1. (More) Unfinished Business: Structures of the American Psyche


In 1930s America, the ability for Black Americans to visit the Fair was limited due to racist restrictions that prevented safe travel and limited lodging options. The Fair archive documents a concerted effort to encourage Black tourists with directories and guides that would accommodate them. The Negro Motorist Green Book,(1) first issued in 1936, was likely a key part of any travel planning:

From a New York-focused first edition published in 1936, Green expanded the work to cover much of North America. The Green Book became "the bible of black travel" during the era of Jim Crow laws, when open and often legally prescribed discrimination against African Americans and other non-whites was widespread. Green wrote this guide to identify services and places relatively friendly to African-Americans so they could find lodgings, businesses, and gas stations that would serve them along the road. It was little known outside the African-American community.
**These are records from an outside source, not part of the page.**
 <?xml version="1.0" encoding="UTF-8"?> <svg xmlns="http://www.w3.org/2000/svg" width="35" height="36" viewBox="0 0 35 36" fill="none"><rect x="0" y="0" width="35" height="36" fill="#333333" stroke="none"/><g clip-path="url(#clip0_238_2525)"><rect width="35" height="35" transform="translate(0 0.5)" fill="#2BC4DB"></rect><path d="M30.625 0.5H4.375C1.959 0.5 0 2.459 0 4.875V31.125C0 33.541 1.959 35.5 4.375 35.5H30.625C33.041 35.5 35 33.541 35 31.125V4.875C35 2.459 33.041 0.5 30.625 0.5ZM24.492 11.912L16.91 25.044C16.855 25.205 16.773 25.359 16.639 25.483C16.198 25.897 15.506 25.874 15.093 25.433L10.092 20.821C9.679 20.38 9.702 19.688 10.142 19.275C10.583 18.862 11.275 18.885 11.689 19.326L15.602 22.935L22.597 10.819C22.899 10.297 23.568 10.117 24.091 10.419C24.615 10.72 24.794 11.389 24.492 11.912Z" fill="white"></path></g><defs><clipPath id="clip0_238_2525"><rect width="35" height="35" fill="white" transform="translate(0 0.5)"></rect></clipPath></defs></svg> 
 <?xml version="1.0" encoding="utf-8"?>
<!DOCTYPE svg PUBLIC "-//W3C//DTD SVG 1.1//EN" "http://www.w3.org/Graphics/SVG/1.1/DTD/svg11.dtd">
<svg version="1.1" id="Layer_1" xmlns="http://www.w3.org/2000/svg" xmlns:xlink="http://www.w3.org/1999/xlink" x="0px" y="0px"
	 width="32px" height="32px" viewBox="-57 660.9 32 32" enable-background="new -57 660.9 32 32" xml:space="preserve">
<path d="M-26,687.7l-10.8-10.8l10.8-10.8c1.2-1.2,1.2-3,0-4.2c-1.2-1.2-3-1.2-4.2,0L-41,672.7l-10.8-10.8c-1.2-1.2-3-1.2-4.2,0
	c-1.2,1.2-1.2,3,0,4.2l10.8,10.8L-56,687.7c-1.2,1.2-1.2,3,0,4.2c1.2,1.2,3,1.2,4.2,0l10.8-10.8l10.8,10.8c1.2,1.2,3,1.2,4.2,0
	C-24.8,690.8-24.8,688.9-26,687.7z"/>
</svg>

Correspondence between a travel agent and a World’s Fair Special Events Director regarding ‘special events of interest to negroes.’



(below) Uncle Hen’s Touring Guide: Dixie to the 1939 New York World’s Fair, sponsored the The Colored Professional and Business Men’s Club of Greenville, SC.



The archive’s representation of Black programming at the Fair seems to overwhelmingly portray celebrities in acts of minstrelism or other kinds of performance within the Fair’s ‘Amusement Zone’ or in appearances at segregated events.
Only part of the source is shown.